On SQLite concurrency: You're absolutely right, SQLite's file-level locking is a real constraint for high-concurrency edge deployments. Rune's answer is multi-database architecture: SQLite is the zero-config local fallback, but PostgreSQL is the production target (Cosmos DB for Azure-native). The connection pool and write patterns abstract this — same binary, config-driven backend. For your robot use case (perception + planning + control loops), you'd want PostgreSQL or the async connection pooling we have in PgPool. We'd love contributions on SQLite WAL mode or read replicas if someone wants to push the embedded story further.

On semantic memory: We're using LanceDB (via lancedb crate) for vector storage, not raw HNSW/IVF. It's columnar, handles hot updates better than flat indices, and plays nice with our local-first requirement. For cold-start, we have explicit memory.level modes: file (scan local session files), keyword (FTS5), and semantic (hybrid with graceful fallback). The real challenge we're wrestling with now is fact deduplication — mem0's update semantics sometimes overwrite instead of merge. That's an active lane if you're interested.

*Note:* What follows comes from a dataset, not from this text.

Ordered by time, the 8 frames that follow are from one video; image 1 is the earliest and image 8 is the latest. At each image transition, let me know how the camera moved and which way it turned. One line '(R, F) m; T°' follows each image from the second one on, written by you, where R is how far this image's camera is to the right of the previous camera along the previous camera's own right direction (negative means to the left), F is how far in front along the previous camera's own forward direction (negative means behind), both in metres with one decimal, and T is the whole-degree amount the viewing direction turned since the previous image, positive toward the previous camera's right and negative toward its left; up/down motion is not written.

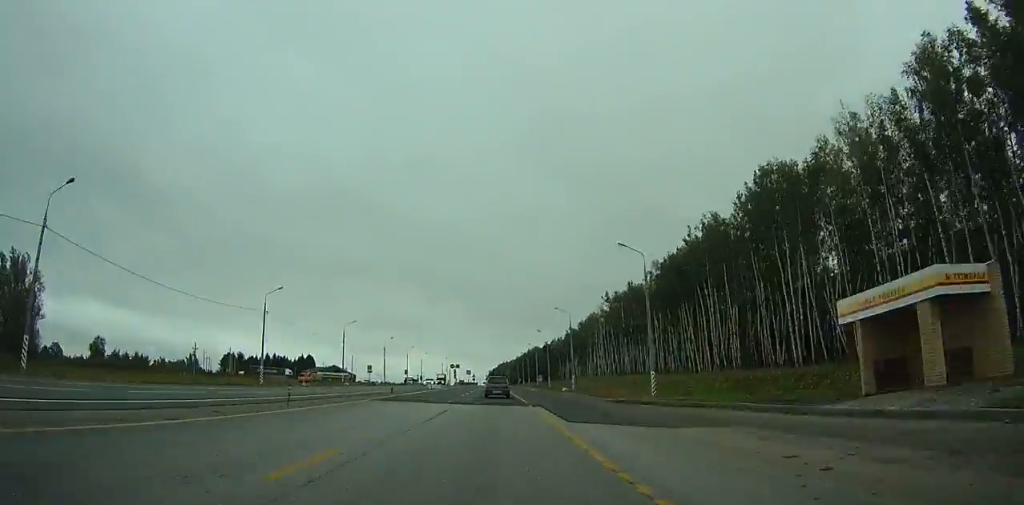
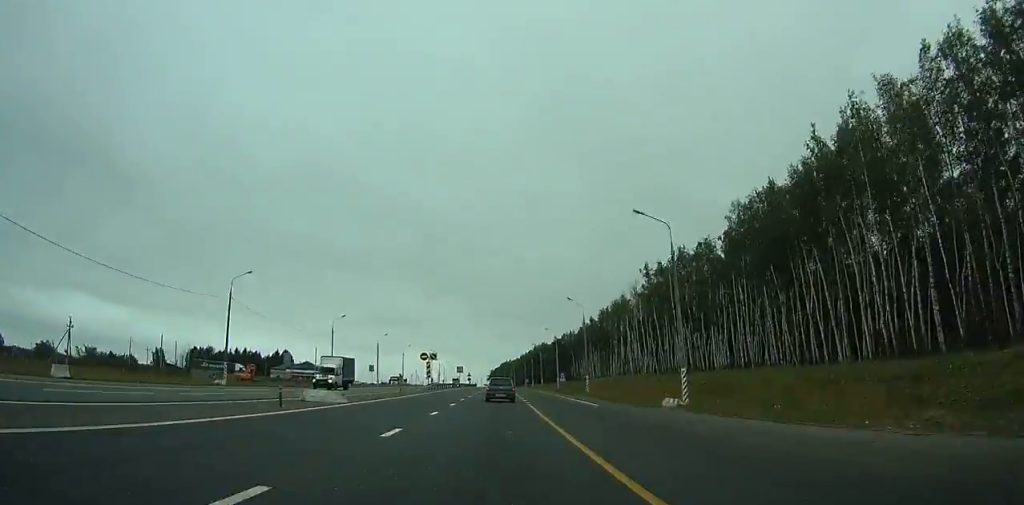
(-0.1, +46.0) m; 0°
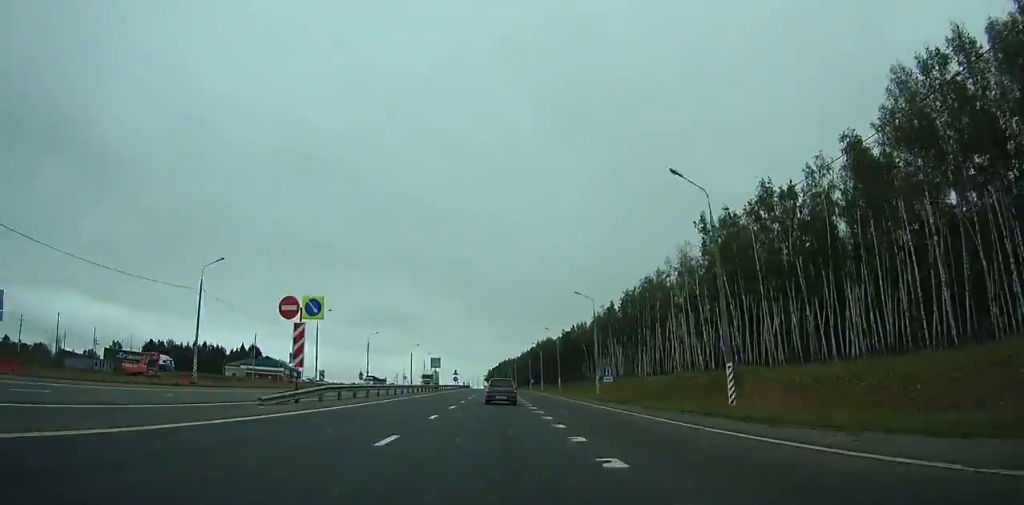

On federated instances: Not CRDTs or event sourcing (yet). Current delegation is imperative with lease-based coordination, main instance picks a peer, reserves a branch/worktree, monitors health, and recovers on timeout. Shared state goes through the REST memory API (/api/v1/memory/*). You're right that conflict resolution is the hard problem, we're moving toward operation-based eventual consistency for vector stores, but right now it's "same user, different devices" rather than true multi-writer federation. We'd love eyes on this — it's genuinely unsolved in the agent space.

Storage layer details: happy to expand, we have rune-store with SQLite (rusqlite), PostgreSQL (sqlx), and Cosmos DB (azure_data_cosmos) implementations. The abstraction is StoreBackend trait, so new backends are ~300 lines.